BEGIN SOURCE MATERIAL

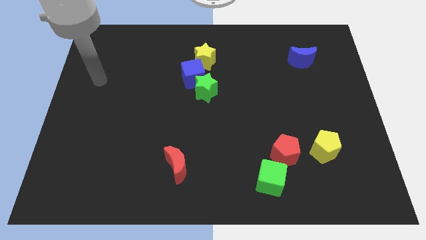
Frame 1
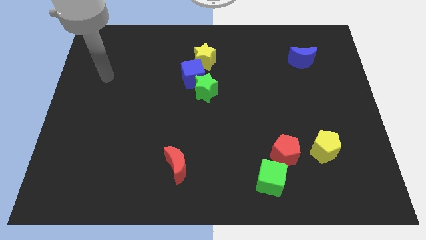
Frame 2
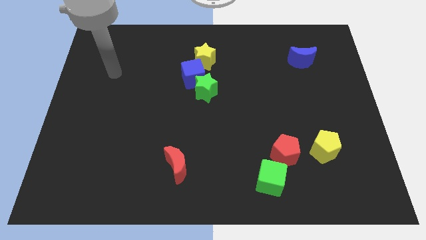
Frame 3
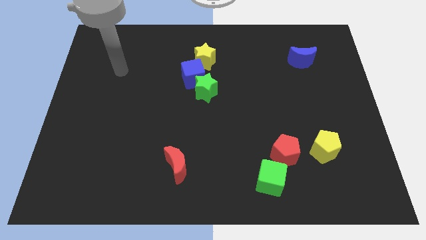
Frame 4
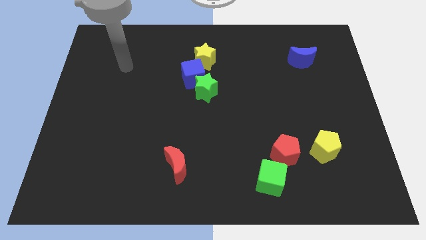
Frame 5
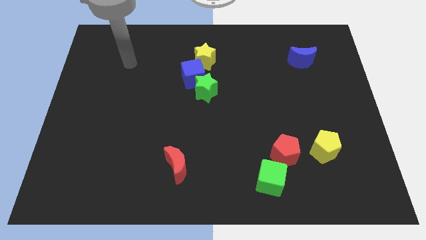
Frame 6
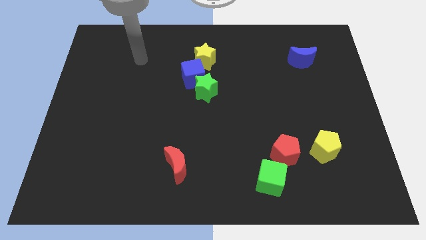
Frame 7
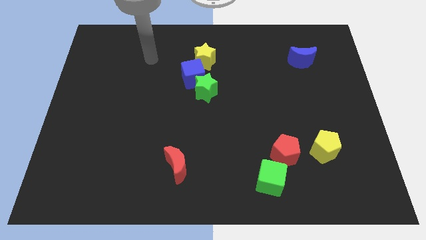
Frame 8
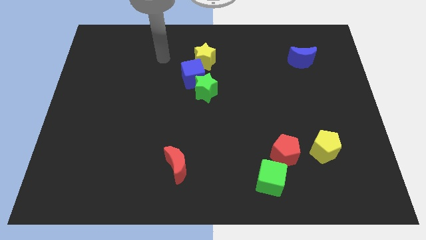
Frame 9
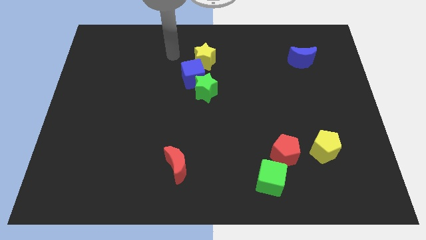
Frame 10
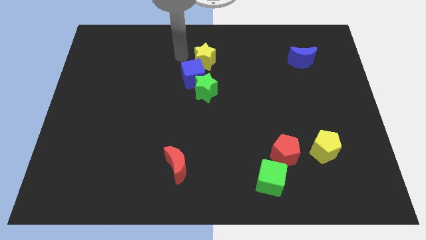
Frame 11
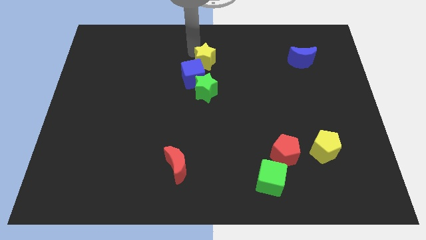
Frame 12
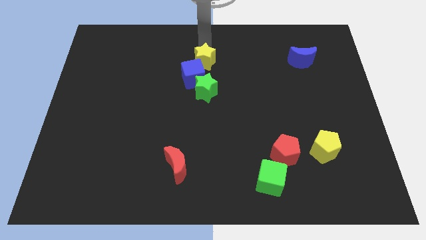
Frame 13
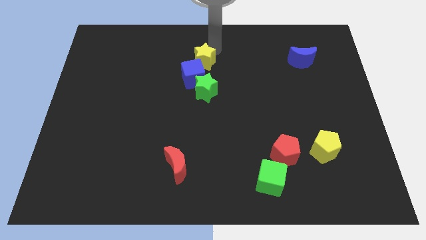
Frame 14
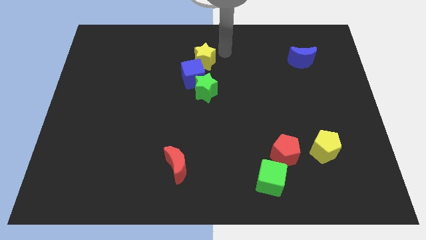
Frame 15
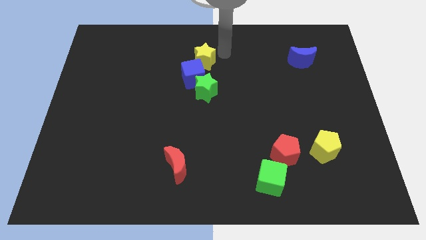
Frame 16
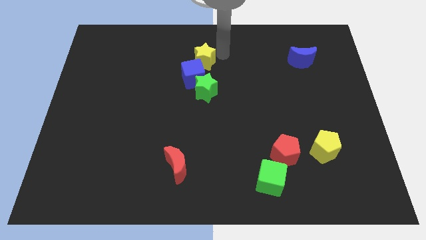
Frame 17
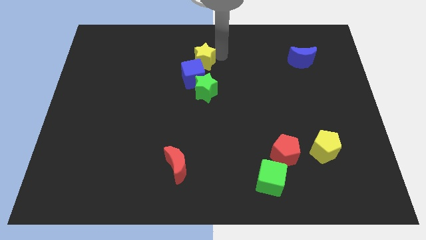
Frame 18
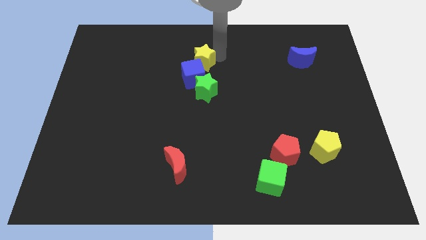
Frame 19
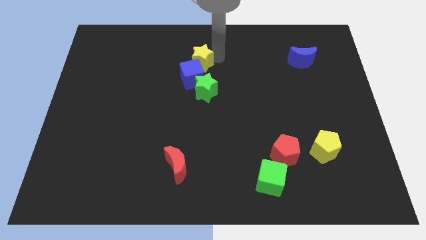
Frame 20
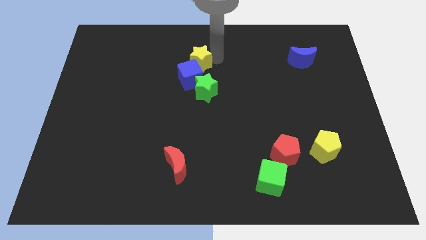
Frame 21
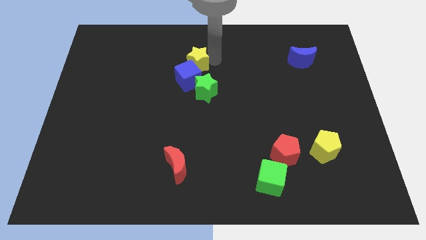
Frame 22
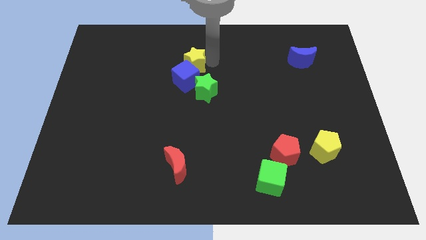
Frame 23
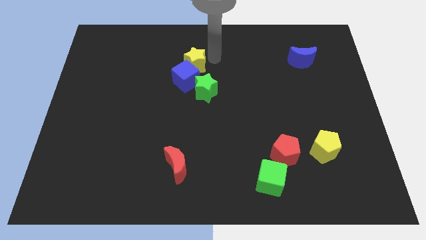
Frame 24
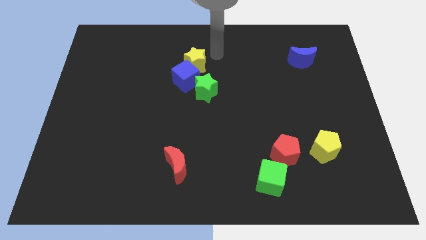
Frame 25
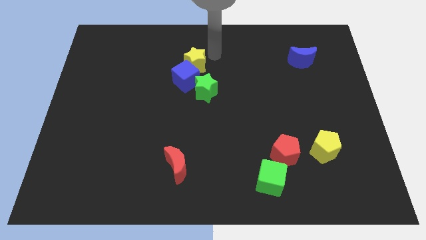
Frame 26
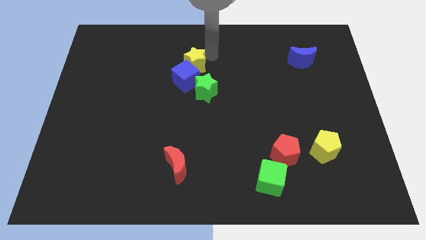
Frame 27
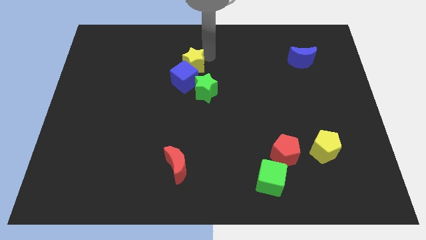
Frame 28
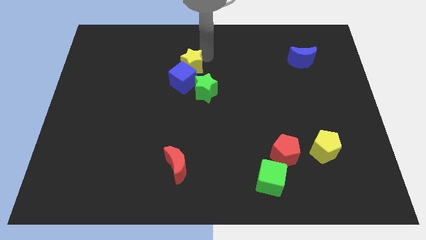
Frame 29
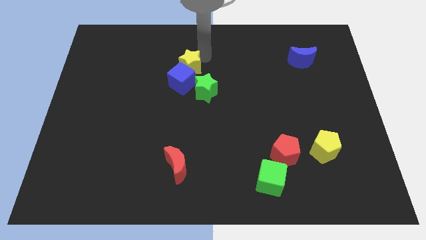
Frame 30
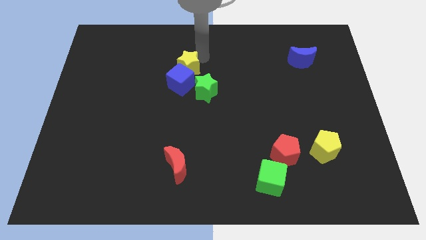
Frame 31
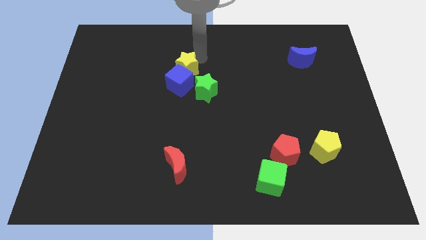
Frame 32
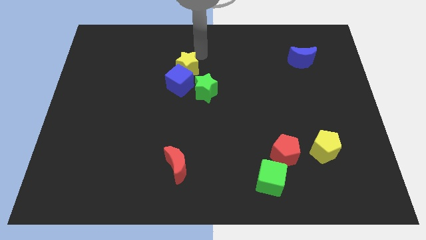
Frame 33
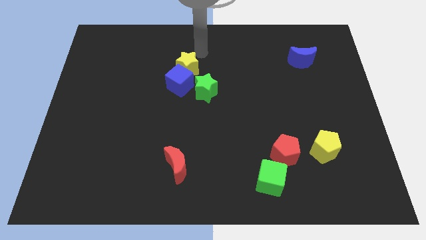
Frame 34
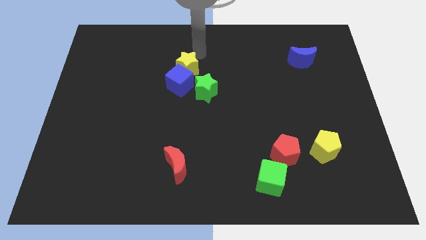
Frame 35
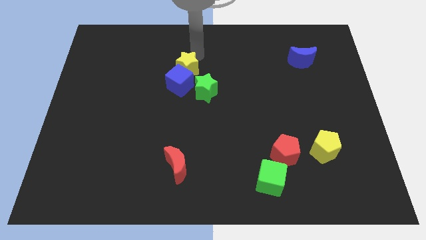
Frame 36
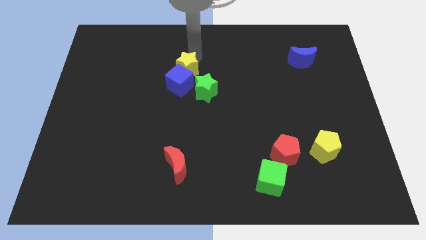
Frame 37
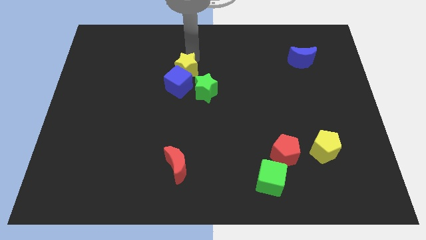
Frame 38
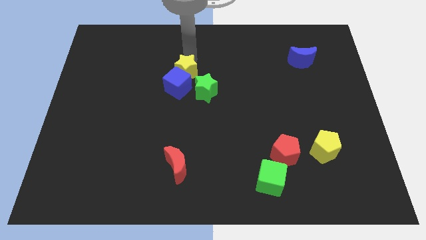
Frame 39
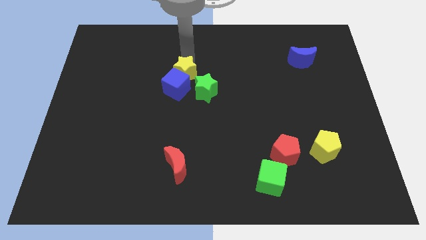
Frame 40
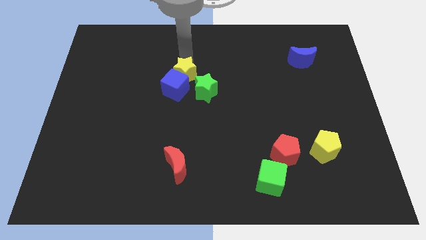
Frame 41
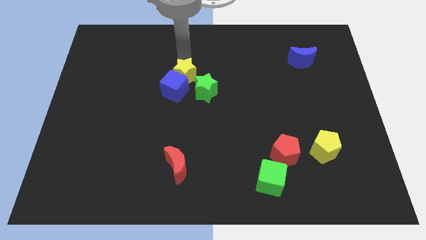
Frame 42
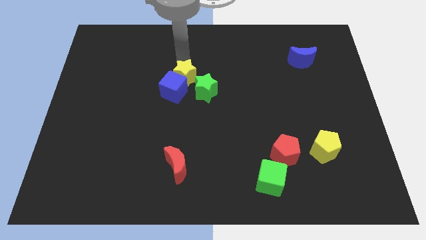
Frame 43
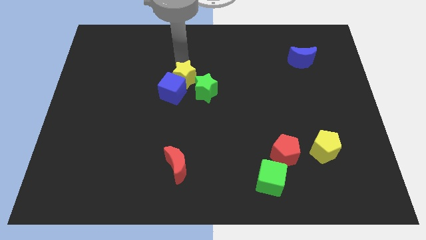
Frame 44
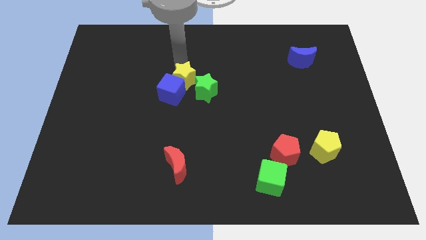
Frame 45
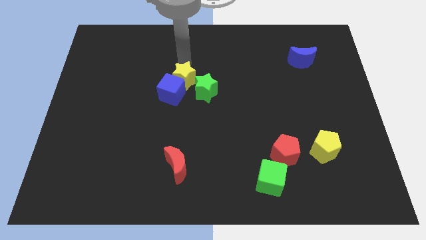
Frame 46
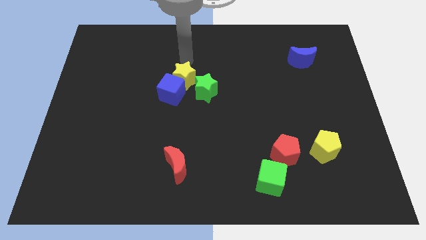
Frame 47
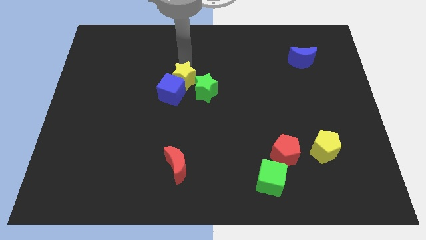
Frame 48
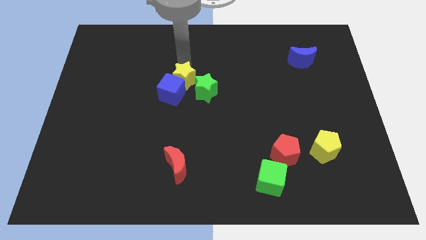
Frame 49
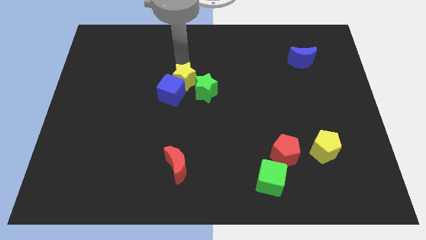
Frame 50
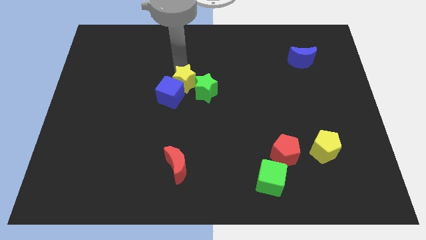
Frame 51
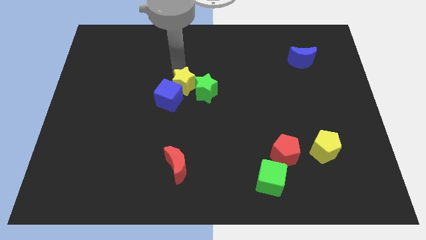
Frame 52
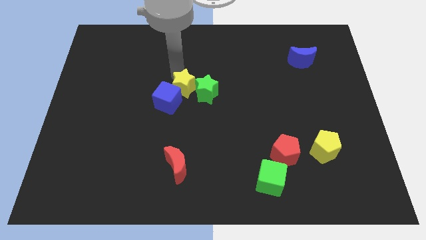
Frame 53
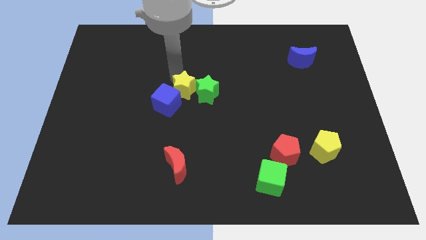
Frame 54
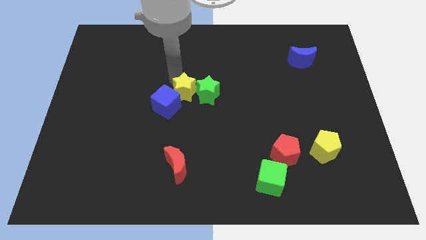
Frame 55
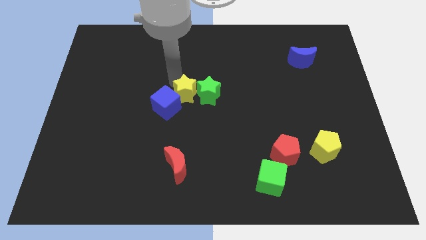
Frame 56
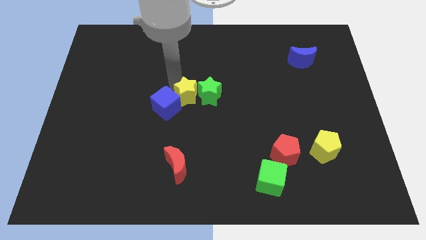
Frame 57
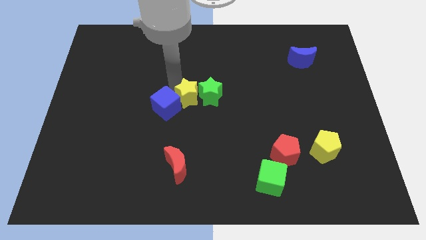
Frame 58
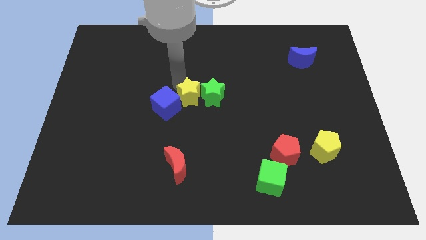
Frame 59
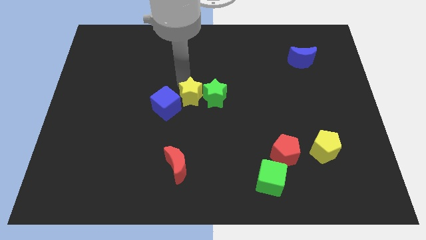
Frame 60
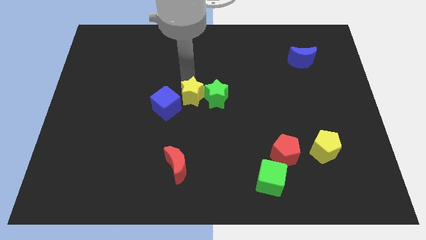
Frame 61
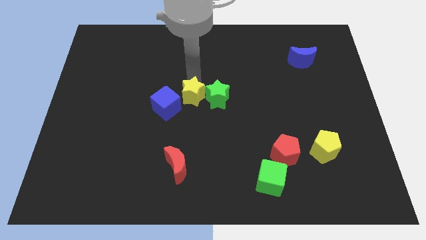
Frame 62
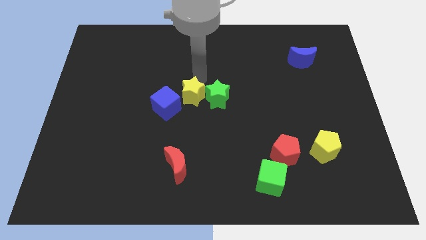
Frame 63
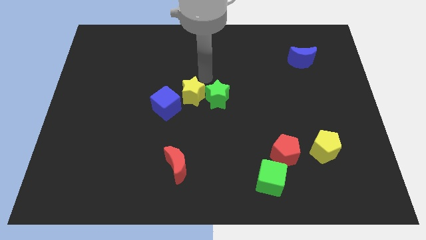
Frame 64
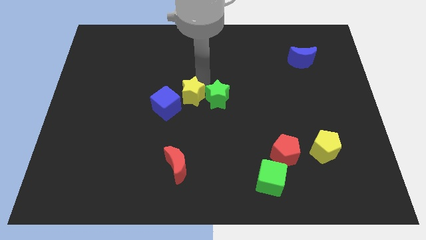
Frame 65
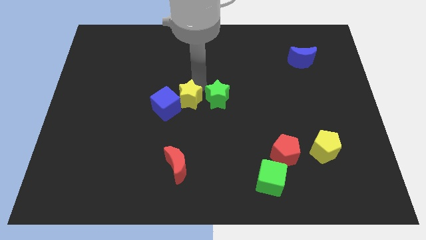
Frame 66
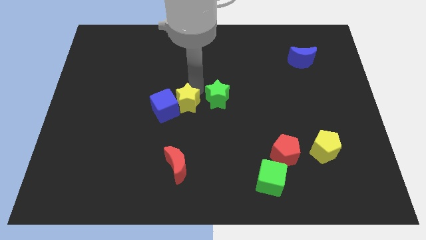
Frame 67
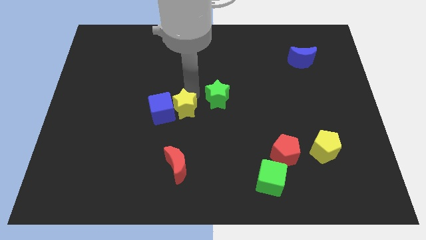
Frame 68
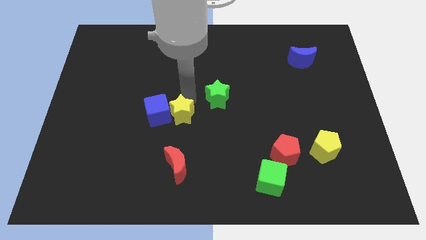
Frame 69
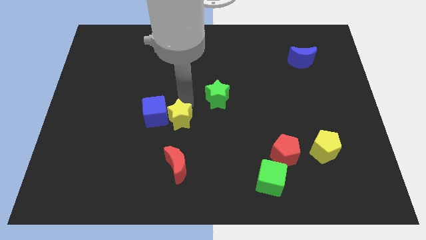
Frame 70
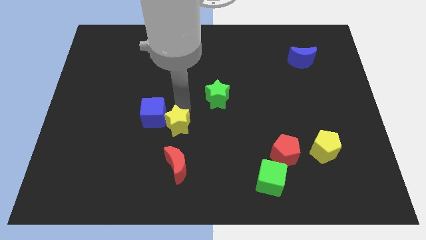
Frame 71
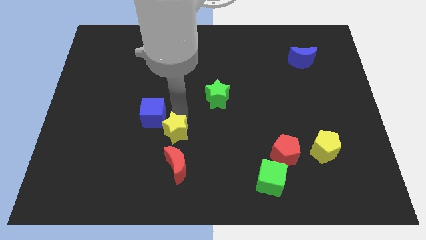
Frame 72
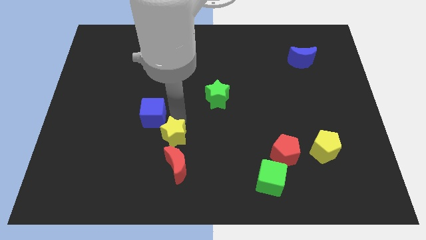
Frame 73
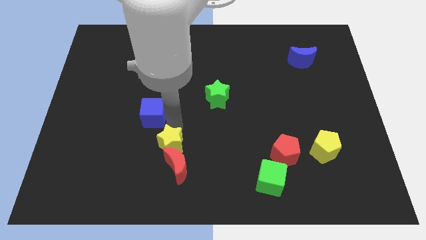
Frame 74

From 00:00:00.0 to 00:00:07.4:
put the yellow star next to the red moon

END SOURCE MATERIAL

> _WORK REQUIRED_: Retype every entry word for word, but do not carry over the pictures.

> _ANSWER AREA_:
Frame 1
Frame 2
Frame 3
Frame 4
Frame 5
Frame 6
Frame 7
Frame 8
Frame 9
Frame 10
Frame 11
Frame 12
Frame 13
Frame 14
Frame 15
Frame 16
Frame 17
Frame 18
Frame 19
Frame 20
Frame 21
Frame 22
Frame 23
Frame 24
Frame 25
Frame 26
Frame 27
Frame 28
Frame 29
Frame 30
Frame 31
Frame 32
Frame 33
Frame 34
Frame 35
Frame 36
Frame 37
Frame 38
Frame 39
Frame 40
Frame 41
Frame 42
Frame 43
Frame 44
Frame 45
Frame 46
Frame 47
Frame 48
Frame 49
Frame 50
Frame 51
Frame 52
Frame 53
Frame 54
Frame 55
Frame 56
Frame 57
Frame 58
Frame 59
Frame 60
Frame 61
Frame 62
Frame 63
Frame 64
Frame 65
Frame 66
Frame 67
Frame 68
Frame 69
Frame 70
Frame 71
Frame 72
Frame 73
Frame 74

From 00:00:00.0 to 00:00:07.4:
put the yellow star next to the red moon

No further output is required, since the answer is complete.